With a physical menu,”I think people see more stuff and very likely order more food, and have a better experience,” Wladis said. Plus, he prefers a real menu himself. “I like to see a whole menu,” he said. “I’m old fashioned.”
That’s not to say that there weren’t advantages to the QR code.”It is easier, because you make a menu change and change it in the computer, and then [it’s] done,” he said. BJ’S Levin said in October, “I think we were all really excited in this business to get to HTML menus because everybody’s thinking we’re going to eliminate printing costs.”
Beyond digital menus
QR codes may be a welcome relief to restaurant operators navigating a difficult environment, where ingredients are suddenly expensive or inaccessible, and the labor market is tight.
“When you’re updating a menu, even with a small degree of frequency, that can get expensive,” said Technomic’s Byrne. Costs increase when an operator is running a chain of restaurants.
And these days, maintaining a menu adds another level of complexity, noted Bryan Solar, general manager of Square for Restaurants.
QR codes let restaurants update pricing and availability quickly and without added costs, he said, if “over the weekend, the price of your avocado went up 50 cents.” Plus, with QR codes, hosts or servers don’t have to waste time handing out menus to customers.
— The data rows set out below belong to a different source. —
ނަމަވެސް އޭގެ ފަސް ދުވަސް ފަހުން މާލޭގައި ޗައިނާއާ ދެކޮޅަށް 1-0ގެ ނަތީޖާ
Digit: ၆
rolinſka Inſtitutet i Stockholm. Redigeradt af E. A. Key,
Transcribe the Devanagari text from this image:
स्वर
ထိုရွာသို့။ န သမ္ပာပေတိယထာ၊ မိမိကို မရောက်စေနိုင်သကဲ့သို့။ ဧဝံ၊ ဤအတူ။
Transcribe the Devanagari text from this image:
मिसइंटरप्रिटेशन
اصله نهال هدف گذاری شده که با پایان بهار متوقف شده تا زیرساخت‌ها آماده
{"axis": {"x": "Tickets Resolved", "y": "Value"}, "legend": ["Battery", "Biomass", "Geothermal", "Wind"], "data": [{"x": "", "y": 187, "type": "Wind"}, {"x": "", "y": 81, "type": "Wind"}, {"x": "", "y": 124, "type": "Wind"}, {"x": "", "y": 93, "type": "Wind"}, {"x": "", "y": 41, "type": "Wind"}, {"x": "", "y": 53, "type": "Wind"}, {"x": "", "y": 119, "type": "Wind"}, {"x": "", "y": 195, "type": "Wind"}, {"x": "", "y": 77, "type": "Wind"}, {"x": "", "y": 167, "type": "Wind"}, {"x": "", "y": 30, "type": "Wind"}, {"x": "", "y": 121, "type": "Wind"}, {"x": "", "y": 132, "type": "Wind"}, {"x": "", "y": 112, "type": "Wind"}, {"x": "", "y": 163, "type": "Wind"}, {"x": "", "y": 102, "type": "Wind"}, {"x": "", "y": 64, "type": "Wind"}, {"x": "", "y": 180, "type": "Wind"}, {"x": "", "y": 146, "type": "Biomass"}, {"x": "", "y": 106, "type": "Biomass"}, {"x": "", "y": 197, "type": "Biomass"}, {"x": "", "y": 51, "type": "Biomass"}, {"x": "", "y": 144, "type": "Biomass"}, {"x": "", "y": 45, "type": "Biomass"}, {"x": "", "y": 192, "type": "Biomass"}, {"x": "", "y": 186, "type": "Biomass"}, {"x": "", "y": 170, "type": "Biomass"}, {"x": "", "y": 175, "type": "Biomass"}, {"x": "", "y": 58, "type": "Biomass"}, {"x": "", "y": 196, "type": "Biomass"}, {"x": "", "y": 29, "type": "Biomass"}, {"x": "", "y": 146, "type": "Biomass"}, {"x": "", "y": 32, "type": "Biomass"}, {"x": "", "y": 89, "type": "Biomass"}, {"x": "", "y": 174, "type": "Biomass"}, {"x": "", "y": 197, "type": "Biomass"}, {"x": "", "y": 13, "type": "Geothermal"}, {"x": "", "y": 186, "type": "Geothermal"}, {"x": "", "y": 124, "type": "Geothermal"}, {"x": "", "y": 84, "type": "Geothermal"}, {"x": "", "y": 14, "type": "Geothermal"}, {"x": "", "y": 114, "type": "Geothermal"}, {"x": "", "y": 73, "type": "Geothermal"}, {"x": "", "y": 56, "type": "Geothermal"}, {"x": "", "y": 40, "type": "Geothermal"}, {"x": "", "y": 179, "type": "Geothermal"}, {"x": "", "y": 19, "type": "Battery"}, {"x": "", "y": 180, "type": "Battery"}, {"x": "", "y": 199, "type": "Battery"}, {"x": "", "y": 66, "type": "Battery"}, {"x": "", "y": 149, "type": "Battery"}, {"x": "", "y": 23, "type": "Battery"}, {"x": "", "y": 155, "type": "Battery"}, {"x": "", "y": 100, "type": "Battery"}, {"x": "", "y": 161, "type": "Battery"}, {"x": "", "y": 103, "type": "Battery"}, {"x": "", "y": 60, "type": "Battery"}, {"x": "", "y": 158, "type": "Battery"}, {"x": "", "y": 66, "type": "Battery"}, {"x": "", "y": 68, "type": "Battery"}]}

That may ease the burden on a restaurant that’s already short-staffed, as many are.
Still, Solar understands why many people don’t like digital menus.
“When people say they’d like to see the QR code die, or they want to see it go away, I agree with that sentiment for QR code 1.0,” he said, referring to codes that lead to static PDF menus or are otherwise hard to use.
But, he said, people might actually like digital menus if they’re more responsive and interactive, and can be used to order directly, add to their tabs or pay for their meals. “Those are much, much, much more enjoyable experiences than the zoom in, zoom out of a PDF.”
Waiting to pay for a check is “a much larger pain point for consumers,” than reading a menu, said Byrne, and one that can be solved using similar technology. “Let me pay when I’m ready to go. And everybody’s happy.”